Yogurt (1 serving), Cooked Beets (from Fresh) (1 Cup, Whole), English Indian Dal Palak (1 Serving (125g)), Bulgur (Cooked) (1 Cup) and Tinda Sabzi (1 Serving (125g))
Lunch
160 mg/dL
avg. peak value
Usually causes a medium spike
Avg. Food Score on Ultrahuman App
Ultrahuman Users got an UNSTABLE response
How to consume bulgur (cooked), cooked beets (from fresh), english indian dal palak, tinda sabzi, yogurt without glucose spikes
Portion Control
Be mindful of your portion sizes for each of these foods. Smaller portions can help minimize glucose spikes.
Balanced Meal Composition
Pair these foods with proteins and healthy fats, such as grilled chicken or fish, nuts, or avocado, to slow down digestion and glucose absorption.
Fiber-Rich Additions
Incorporate more fiber-rich vegetables into your meal, such as leafy greens, broccoli, or cauliflower, which can help stabilize blood sugar levels.
Hydration
Drink plenty of water before and during your meal. Staying hydrated can aid in digestion and help maintain stable blood sugar levels.

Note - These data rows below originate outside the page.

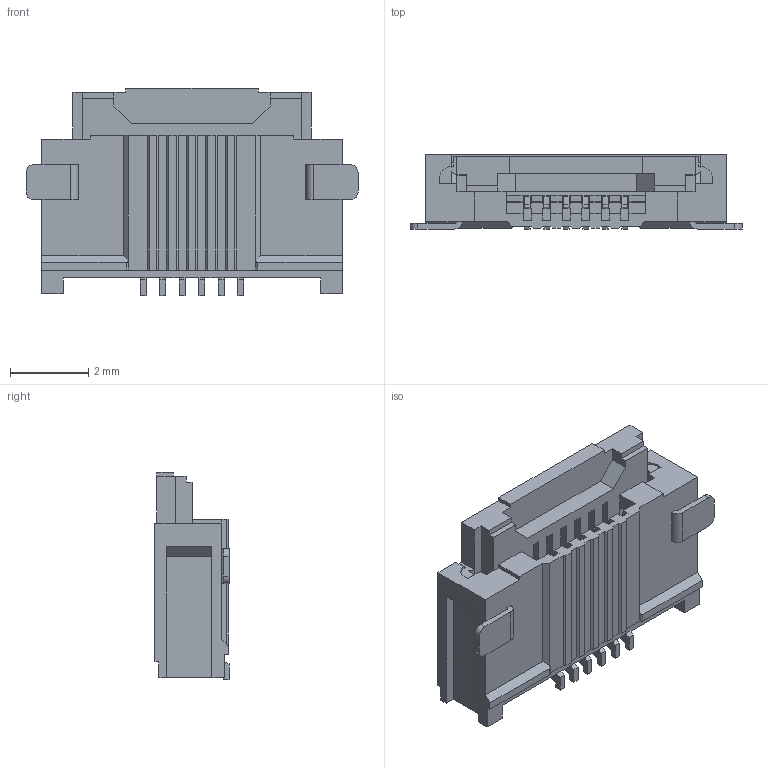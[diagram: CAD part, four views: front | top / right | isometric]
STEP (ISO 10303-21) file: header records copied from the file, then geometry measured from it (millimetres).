
FILE_DESCRIPTION((''),'2;1');
FILE_NAME('5052780633','2016-06-17T',('gsharma'),(''),'PRO/ENGINEER BY PARAMETRIC TECHNOLOGY CORPORATION, 2012310','PRO/ENGINEER BY PARAMETRIC TECHNOLOGY CORPORATION, 2012310','');
FILE_SCHEMA(('CONFIG_CONTROL_DESIGN'));
Length unit declared in the file: millimetre
Products named in the file (1): 5052780633
Bounding box: 8.5 x 1.9 x 5.3 mm (x, y, z)
Volume: 43.6 mm3; surface area: 212.8 mm2
Topology: 1 solids, 1 shells, 460 faces, 1328 edges, 880 vertices
Faces by surface type: plane 402, cylinder 58
Entity records: 14937 total; most frequent: CARTESIAN_POINT 2676, ORIENTED_EDGE 2656, DIRECTION 2364, EDGE_CURVE 1328, VECTOR 1210, LINE 1210, VERTEX_POINT 880, AXIS2_PLACEMENT_3D 577

Timing of Carbohydrate Intake
Distribute your intake of carbohydrate-rich foods throughout the day rather than consuming them all in one meal.
Physical Activity
Engage in light physical activity, such as a short walk, after meals to help your body utilize glucose more effectively.
Meal Timing
Avoid eating these foods late at night. Consuming them earlier in the day when your metabolism is more active can lead to better glucose management.
Mindful Eating
Eat slowly and mindfully to give your body time to process the food and signal satiety, which can prevent overeating.
Monitor Blood Sugar Levels
Keep track of your blood sugar levels after meals to understand how different foods affect you personally, and adjust your diet accordingly.
Alternative Foods
Consider substituting with foods like quinoa, lentils, or chickpeas, which have a similar texture or flavor profile and are less likely to cause significant glucose spikes.